# Put in a couple valves...



## Flyout95 (Apr 13, 2012)

Dropped in a few valves today... 

Good times.


----------



## mssp (Dec 15, 2009)

so what did you do after lunch?:laughing: nice looking work


----------



## supakingDFW (Aug 19, 2014)

Looks sweet!!...well done sir


----------



## Plumbus (Aug 4, 2008)

What do those valves weigh?


----------



## gear junkie (Jun 20, 2008)

So why don't these need thrust blocks or some kind of movement restraint?


----------



## Flyout95 (Apr 13, 2012)

gear junkie said:


> So why don't these need thrust blocks or some kind of movement restraint?

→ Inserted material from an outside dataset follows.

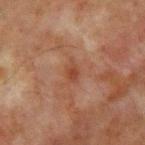Assessment: No biopsy was performed on this lesion — it was imaged during a full skin examination and was not determined to be concerning. Clinical summary: The patient is a male about 65 years old. A 15 mm close-up tile from a total-body photography series done for melanoma screening. On the chest. Approximately 2.5 mm at its widest.

They are laced to the wall.


----------



## Shoot'N'Plumber (Apr 27, 2013)

Nice Flyout! So let me ask ya! This install appears a little more unique! Did you do this by yourself and how long to do each one start to finish?


----------



## Shoot'N'Plumber (Apr 27, 2013)

Plumbus said:


> What do those valves weigh?


6" Kennedy's os&y should run about 150ish


----------



## Fast fry (May 19, 2012)

Is that hook/shackle part of the valve body ? Looks like the same colour


----------



## Fast fry (May 19, 2012)

Or part of the isolator?


----------



## Flyout95 (Apr 13, 2012)

Fast fry said:


> Is that hook/shackle part of the valve body ? Looks like the same colour


That's a chain fall.


----------



## Fast fry (May 19, 2012)

Flyout95 said:


> That's a chain fall.


Oh yeah . See the chains now behind the tee .just thought they may be small parts with pre fabricated rigging points . The big stuff is fun to fit unlike house plumbing .


----------